と、中山さんは立ち上がってそう挨拶をしたが、立ち上がるときにも、座るときにも、すでに酔っているのかふらついた。


「中山さんは、さっきから結構お酒進んでいるよね。強いの?」

「い、いいえ。強いわけではないんですが」

 課長の言葉にそう返すと、

「強いでしょ。何杯目?それ、ハイボールだよね?」

と小林君が横から話しかけた。


「えっと、3杯目?」

 確かに、飲むペースが速いなって思っていたけど。


 私は飲んでまた眠くなっちゃうと佑さんに迷惑をかけるので、ビールを1杯だけにとどめつつ、食べることを楽しんでいた。そして、隣にいる佑さんも食事を味わっているので、ほとんどほかの人と会話もせず、私と二人の世界を作っていた。


 鶴原さんは隣に座った男性社員からの話を真面目に受け答え、中山さんは隣の小林君に何やらからかわれている。

 そして、そんな中山さんの視線を時々感じた。でも、目が合うとさっとそらされた。


「コップ空いてるよ。ビール飲まないの?」

 佑さんがそう優しく聞いてきた。

「え?あ、うん。1杯だけにしておく」

 ぼそぼそと二人で小声で話していても、周りはまったく気にも留めない。


 結婚したての頃、飲み会で二人で話しているとよくひやかされたが、さすがにもうそれはなくなった。二人の世界を作っていても、勝手にやってくれという感じで放置されている。それも、ありがたい。
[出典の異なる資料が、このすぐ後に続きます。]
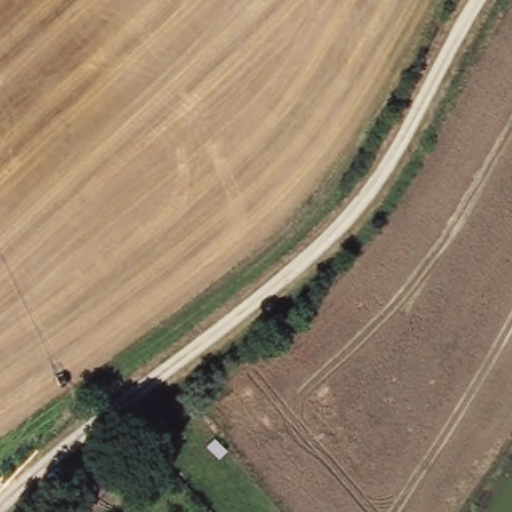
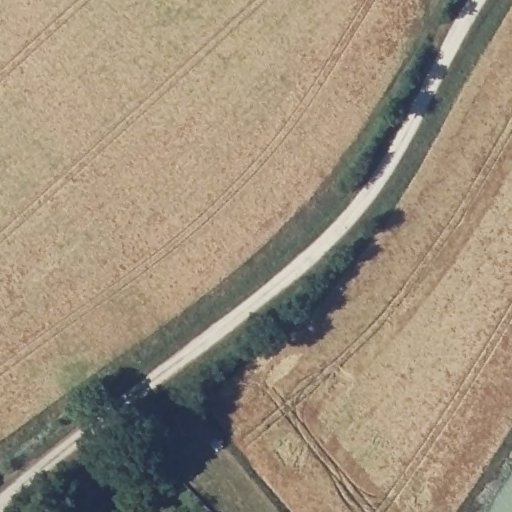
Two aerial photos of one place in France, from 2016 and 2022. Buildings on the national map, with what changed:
unchanged [(88,463),(107,485),(76,512),(56,512),(45,500),(88,463)]

 だが、今日は放置をしてくれない人が二人いた。私たちの前に座った新人二人だ。

 まず、最初に話をしてきたのは、鶴原さんだ。

「魚住主任はお酒飲まれないんですか?」

 ノンアルコールビールすら飲まず、さっきからウーロン茶を飲んでいる佑さんにそう聞いた。


「はい。飲めないんですよ。飲むと具合が悪くなってしまって」

「同じです。私もなんです」

 同じとわかり、親近感が沸いたのか、鶴原さんは目を輝かせた。さらに、

「じゃあ、接待とかの時にはどうされているんですか?」

と聞いてきた。


「ノンアルコールのお酒を頼んで、その場になじむようにしていますよ」

 仕事中のようなクールな顔つきではなく、佑さんの表情は柔らかだ。だからなのか、鶴原さんも、いつも以上に話をしてきて、私と佑さんの二人の世界は壊れてしまった。


「桜川さん、何を飲む?ビール?日本酒もあるよ」

 突然、小林君がそう聞いてきた。

「え?私はもう…」

 断ろうとしたが、

「飲んだら?酔ったとしても僕がいるから大丈夫だし」

と隣で優しくそう佑さんが言ってくれた。


「う、でも」

 また酔って寝ちゃって、着替えもしてもらって、ベッドにも連れて行ってもらってっていうのは申し訳ないような。

「いいよ?なかなか飲む機会もないんだし」


 佑さん、優しい。

「じゃあ、ビール」

 そう言うと、小林君が店員を呼んだ。


「私も、ハイボールをもう1杯お願いします」

「え?中山さんはやめたほうが」

 佑さんがそう言いかけたが、

「わかった」

と小林君が頼んでしまった。


「大丈夫ですよ。中山さん、家が同じ方面だし、僕が送っていきますから。ね?」

 小林君の言葉に、中山さんは頷いた。


 ああ、そっか。小林君、中山さん狙いか。というのは、なんとなく佑さんもわかったらしい。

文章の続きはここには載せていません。